The Changeling
- First edition
- Author: Zilpha Keatley Snyder
- Illustrator: Alton Raible
- Language: English
- Genre: Fiction
- Publisher: Atheneum Books
- Publication date: June 1970
- Publication place: United States
- Media type: Print
- Pages: 220
- Awards: Christopher Award

= The Changeling (Snyder novel) =

1970 novel by Zilpha Keatley Snyder

The Changeling is a young adult novel by Zilpha Keatley Snyder. This book was first published in 1970. It was awarded a Christopher Award and named an outstanding book for young people by the Junior Library Guild.

==Plot summary==
The novel's plot follows the developing friendship of two adolescent girls: shy, fearful Martha and free-spirited, mystical, imaginative Ivy. Ivy belonged to the shunned Carson family, who lived in the hills above town in a derelict Victorian mansion surrounded by neglected fruit orchards that had been handed down to her mother. But Ivy was not a typical Carson. Ivy explains to Martha when they first meet that she is a changeling, a child of supernatural parents who had been exchanged for the real Ivy Carson at birth. She returns to this theme with particular emphasis when she is threatened or harmed in any way. Martha comes from a well-to-do family completely in thrall to suburban values and suspicious of Ivy due to her background.

The girls become friends in the second grade and soon are inseparable. Among other things, Martha discovers that Ivy is "absolutely fearless"; not courageous, but fearless. It is implied that this is at least in part due to abuse by her father or brothers. When Ivy cries, which is rarely, she sheds few tears and makes no sound at all. The illustrations as well as the text emphasize the contrasts between the girls. Ivy is dark, thin, beautiful, graceful and mature; Martha is blond, overweight, bucktoothed, clumsy, and cries easily. What they have in common is bright imagination, which they soon pool into a shared fantasy, almost a belief system.
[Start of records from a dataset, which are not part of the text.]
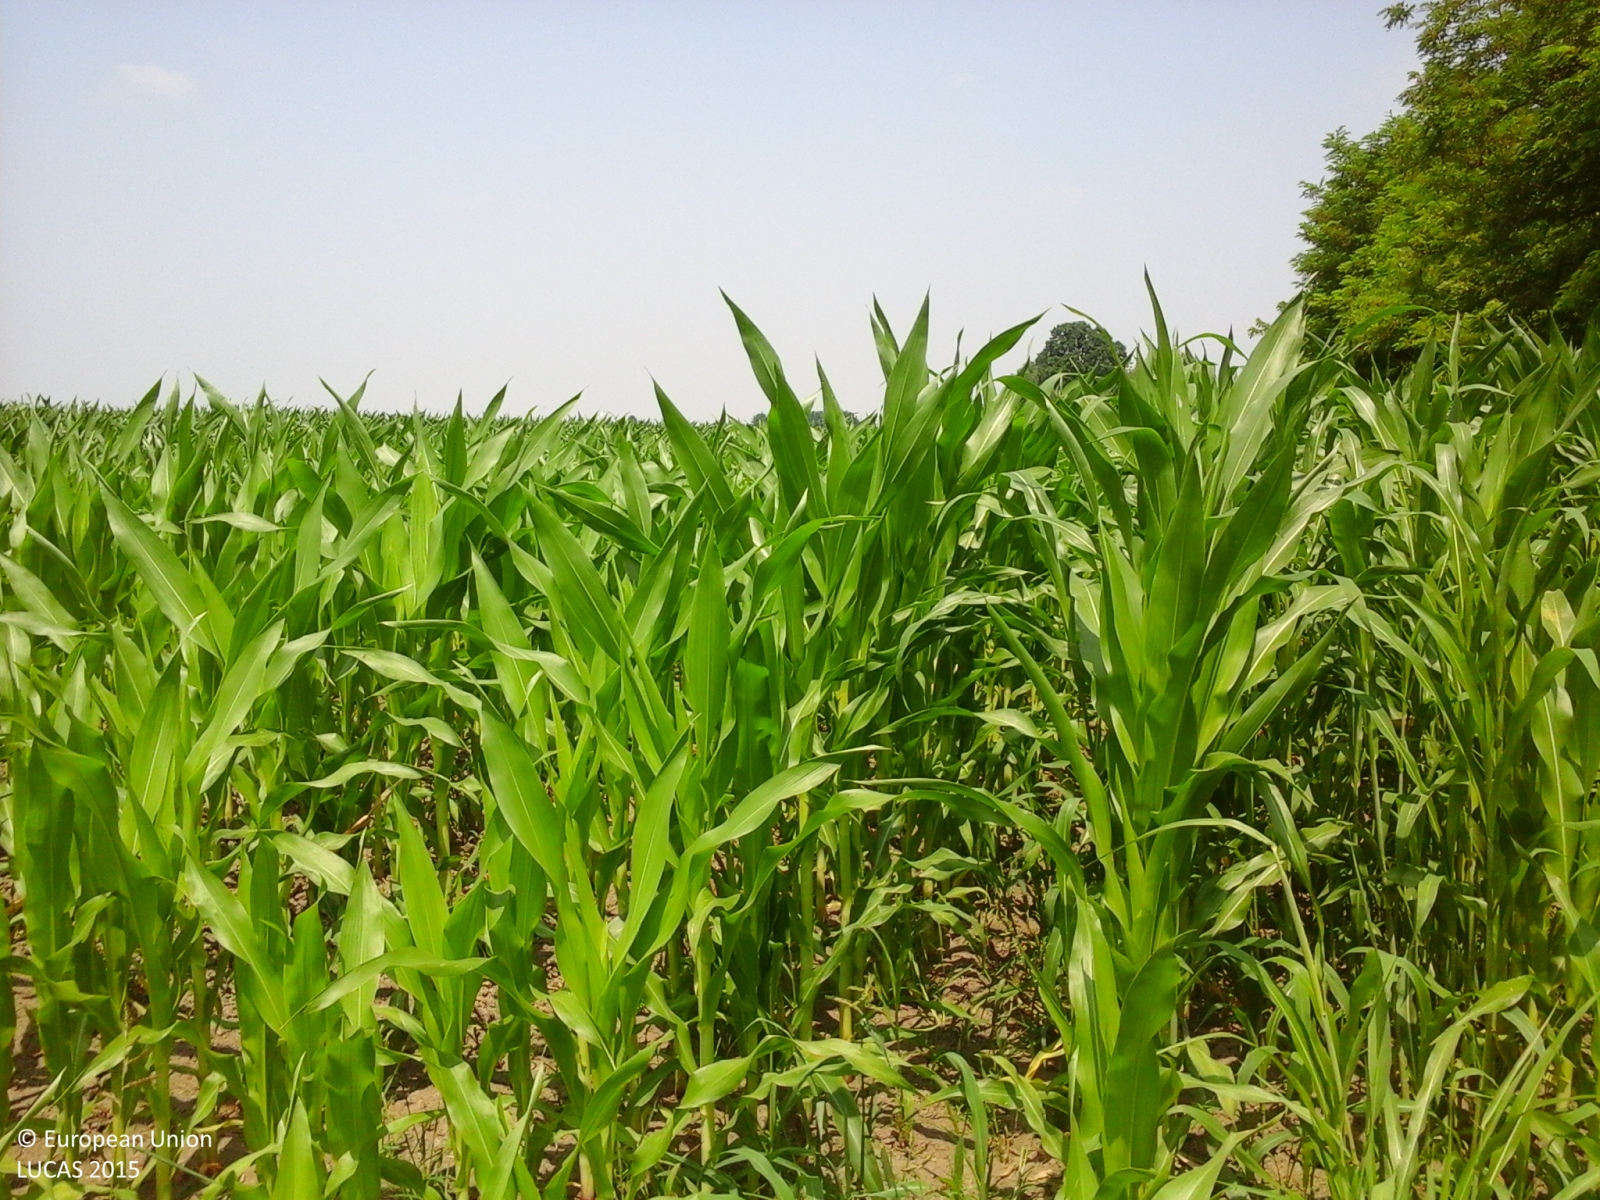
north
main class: Cropland
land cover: Maize
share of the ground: > 75 %
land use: Agriculture (excluding fallow land and kitchen gardens)
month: June
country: IT
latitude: 44.9816
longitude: 9.9114
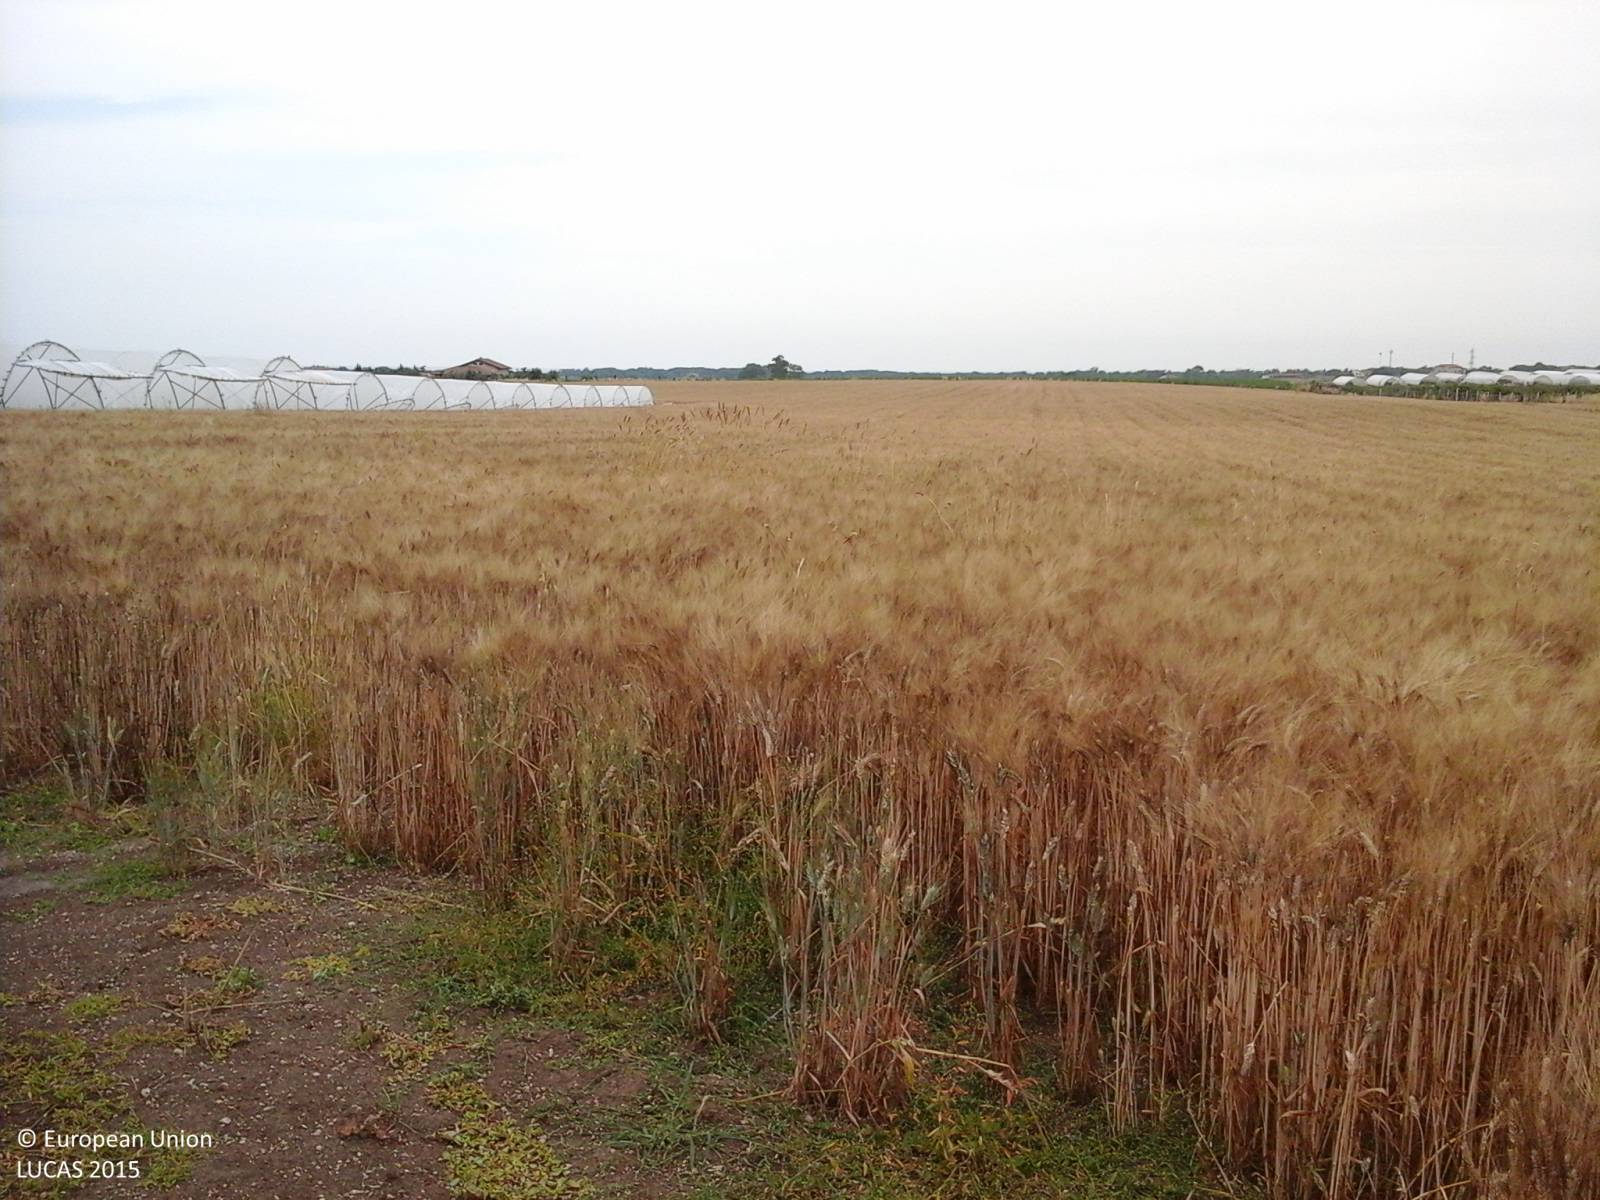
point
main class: Cropland
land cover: Durum wheat
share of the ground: > 75 %
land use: Agriculture (excluding fallow land and kitchen gardens)
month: June
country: IT
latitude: 42.3905
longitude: 11.4647

They play regularly in a beautiful, magical part of the woods and develop an elaborate paracosm called the Land of the Green Sky. Whenever they have trouble in their lives they enact rituals of their own devising which have an uncanny way of cadencing in the same way that their problems eventually resolve. As they grow older and enter their teen years, Ivy longs to be a ballet dancer and directs Martha into a career in drama. Martha becomes braver, bolstered by Ivy's encouragement.
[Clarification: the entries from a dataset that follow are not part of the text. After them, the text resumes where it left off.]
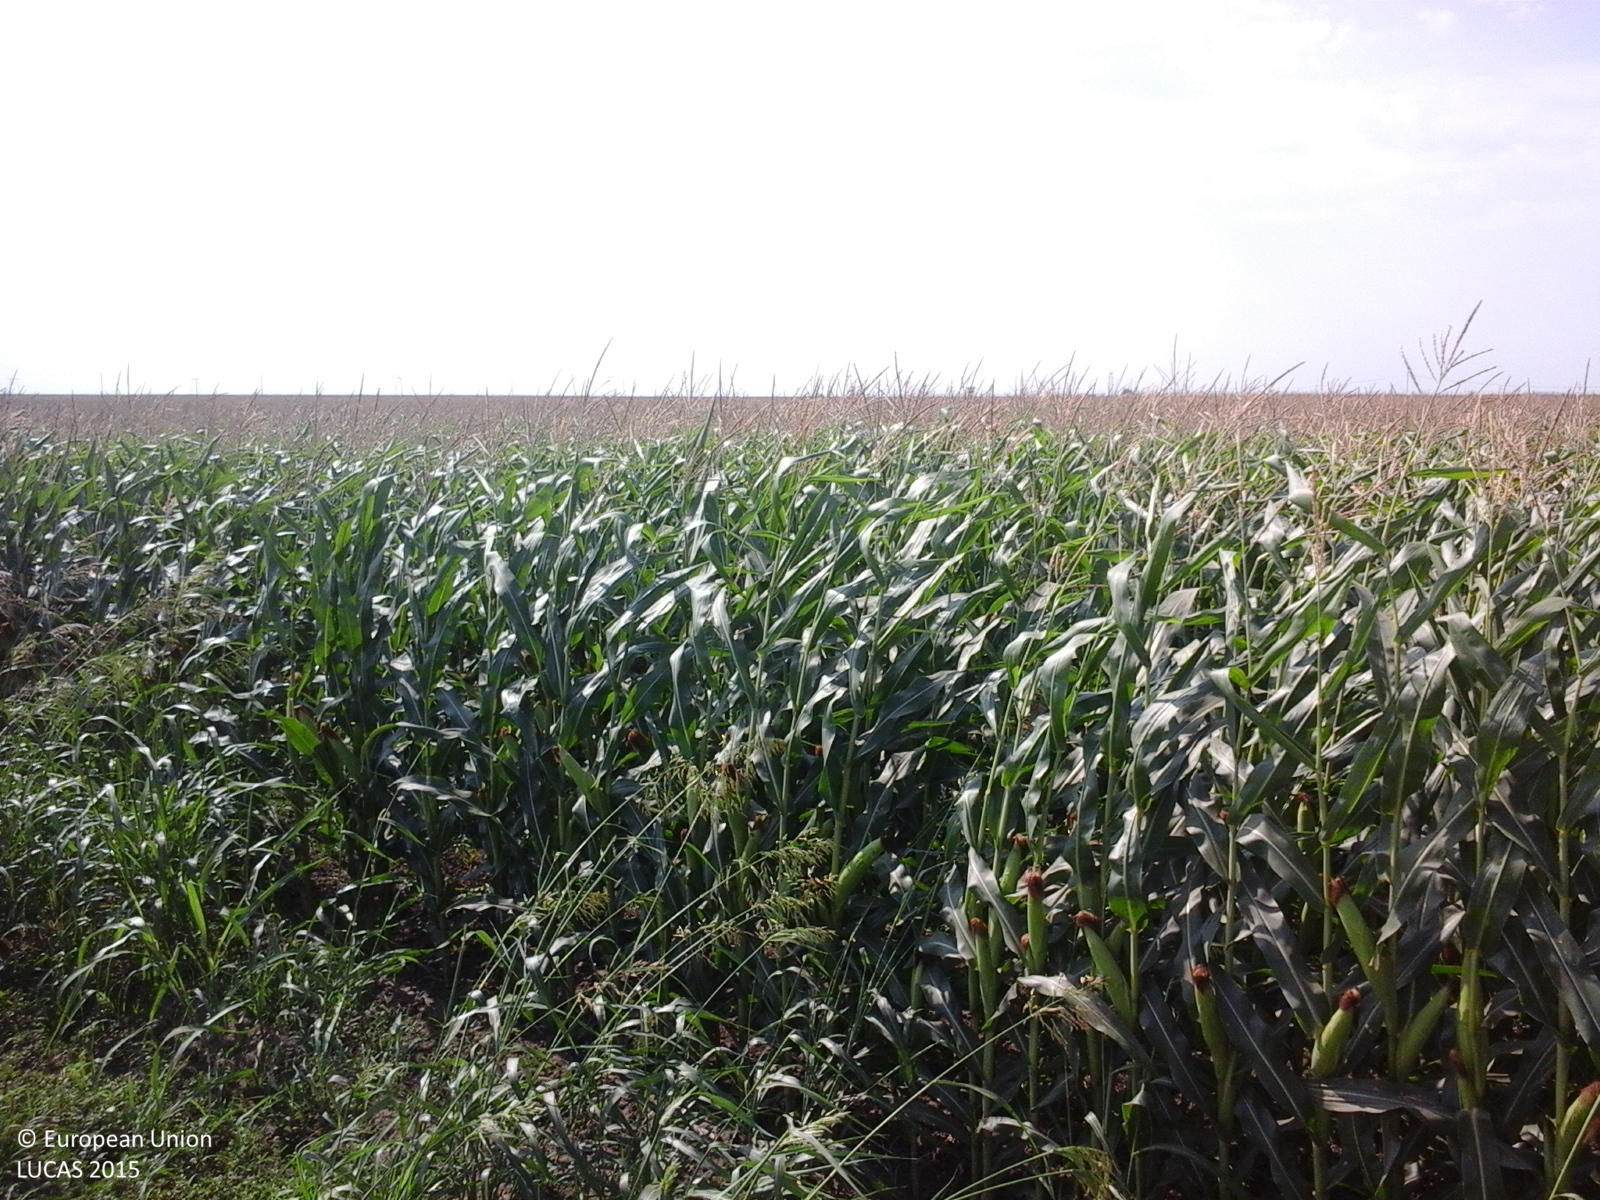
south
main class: Cropland
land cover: Maize
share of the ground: > 75 %
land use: Agriculture (excluding fallow land and kitchen gardens)
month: July
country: RO
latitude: 44.6464
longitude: 27.2212

Ivy family's reputation means she is never able to get a fair chance. Martha's family considers her a bad influence. She is blamed for anything that goes wrong. When the girls are in 8th grade, vandals strike their school and because Ivy is one of the "jailbird Carsons," she is wrongfully and maliciously accused of the crime. Ivy's family responds to this crisis in the manner typical of when one of their own has trouble with the law - they pack up their old, red truck and, with no warning, flee in the dead of night.

Martha is devastated by the loss and confused by Ivy's cryptic and emotional assertions when they spoke for the last time. Martha must now come of age without her magical, kindred friend by her side. No one knew or loved Martha as Ivy did. Martha is left alone to make more friendships with classmates.
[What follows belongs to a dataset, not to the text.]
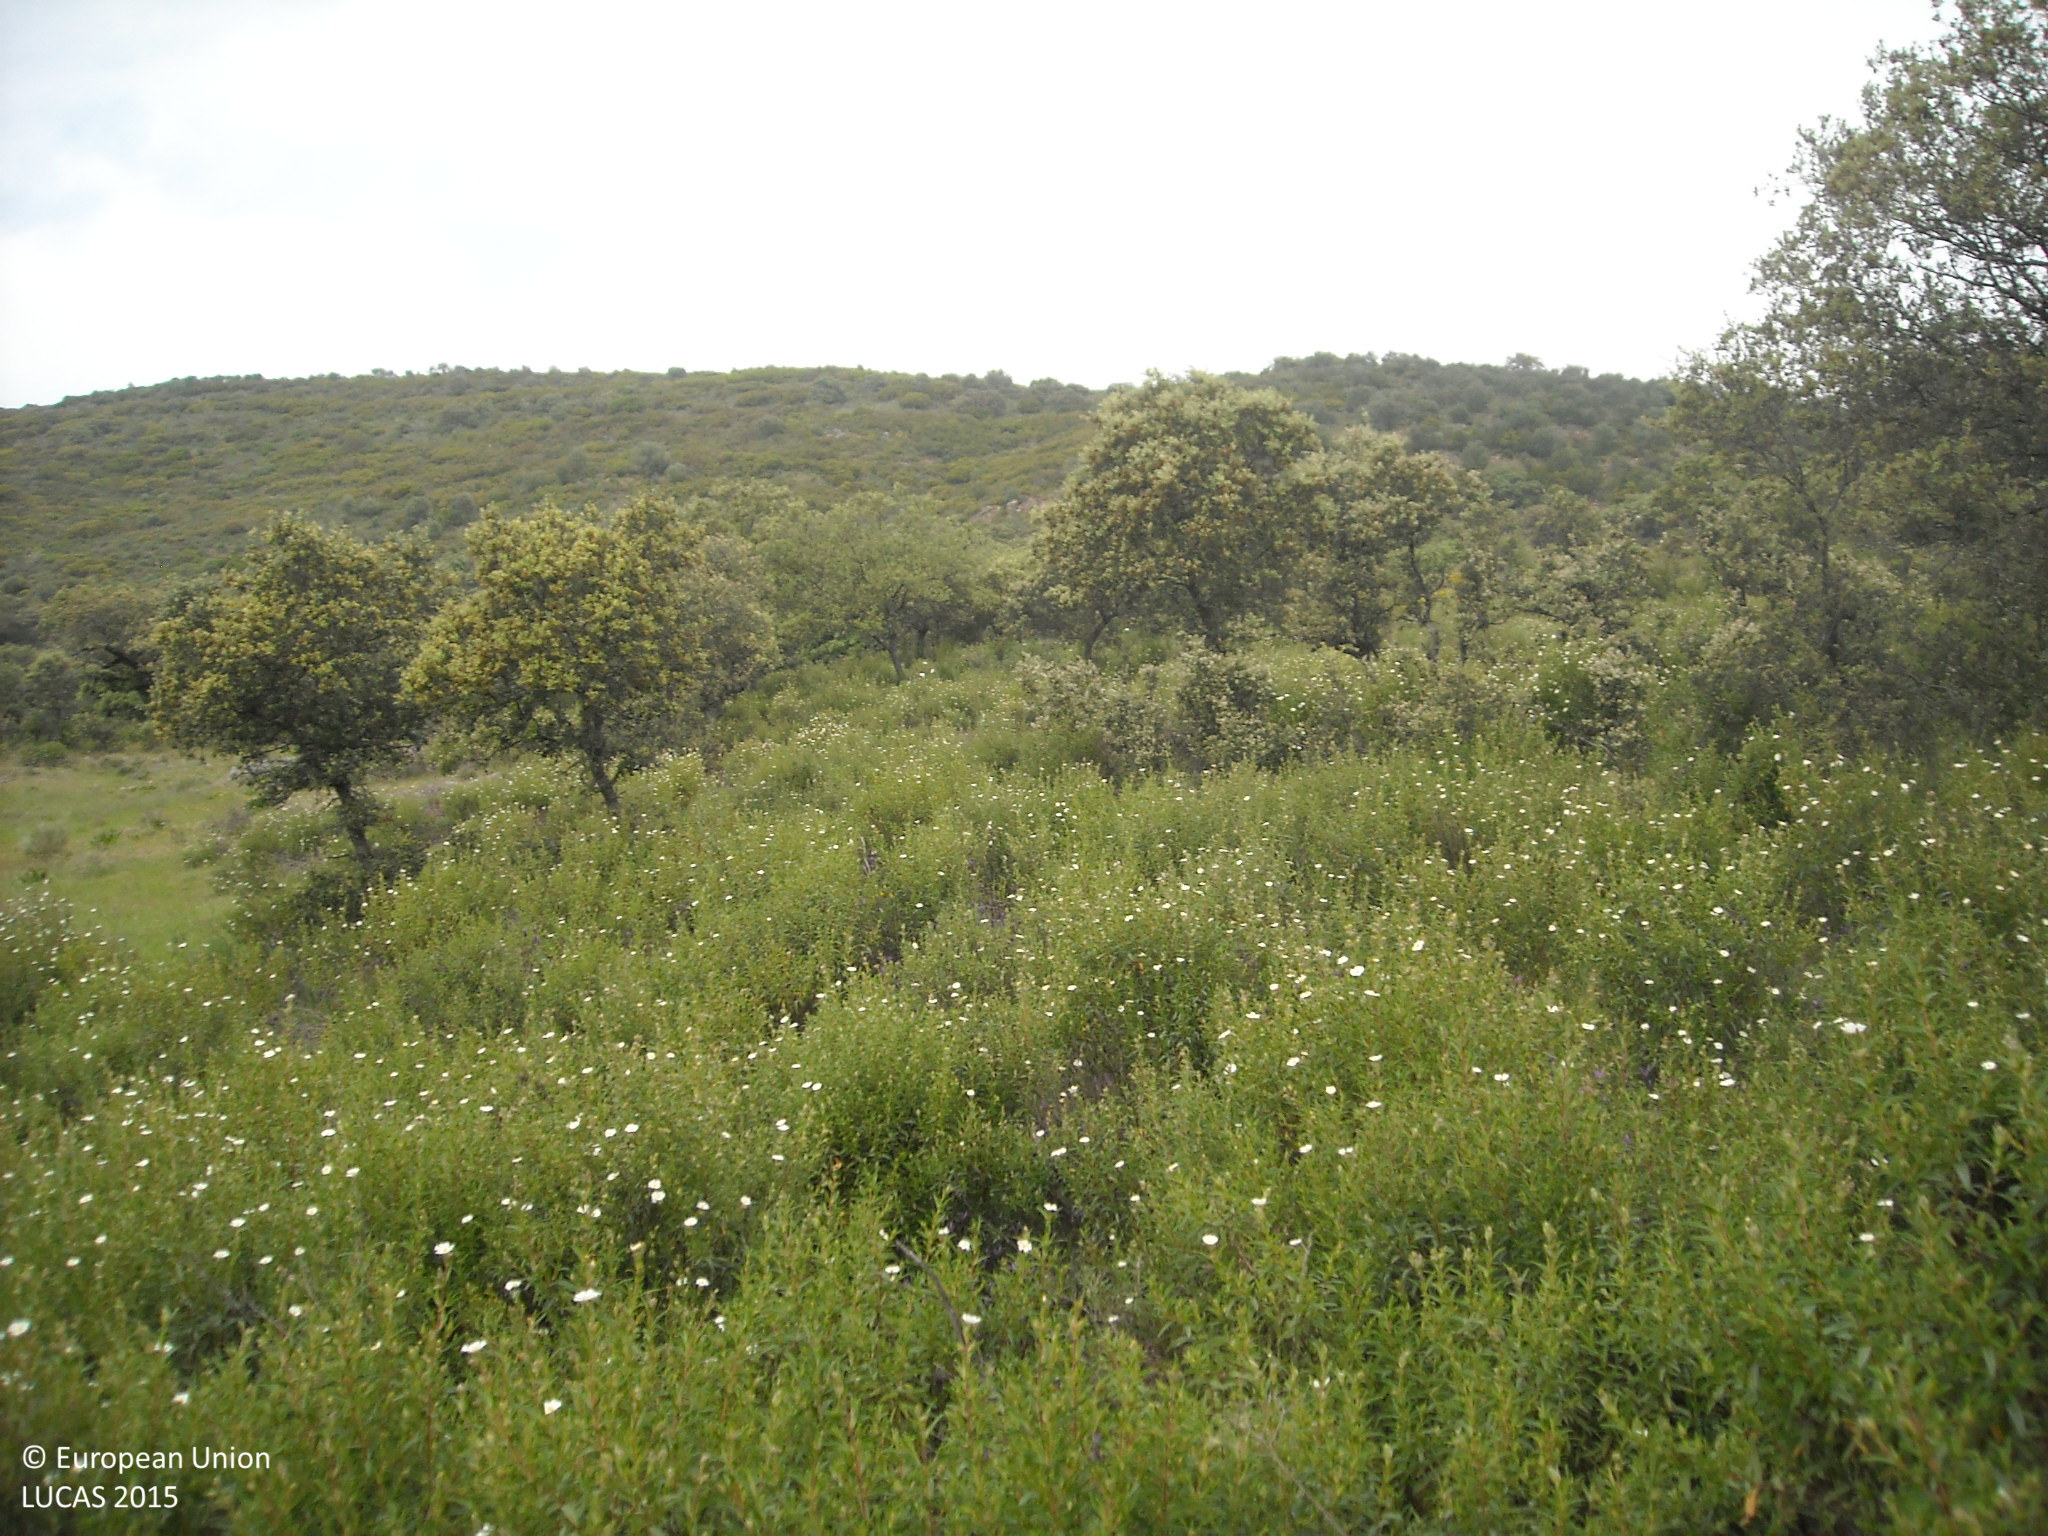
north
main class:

==Supporting information==
The novel is written in flashback, with the beginning and ending of the book describing Martha awaiting Ivy's return and reflecting on Ivy's influence on her growth.

Scholar R. Craig Roney presents The Changeling as representative of a move in 1970s fiction for older children's books to involve “a realistic character living in the real world who fantasizes (dreams or daydreams) to cope with some real or imagined problem.”

In discussing the traditional notion of “fairy as Other” in fairy tales, critic Ann F. Howey observes that the idea is “so integral to the changeling tradition that Zilpha Keatley Snyder, in a realistic children's novel, used it to dramatize one character's alienation.”

Snyder has said that both the fantasy game played by the girls in The Changeling and its evolution into the Green-sky series originated in childhood games she herself played in Ojai, California with relatives.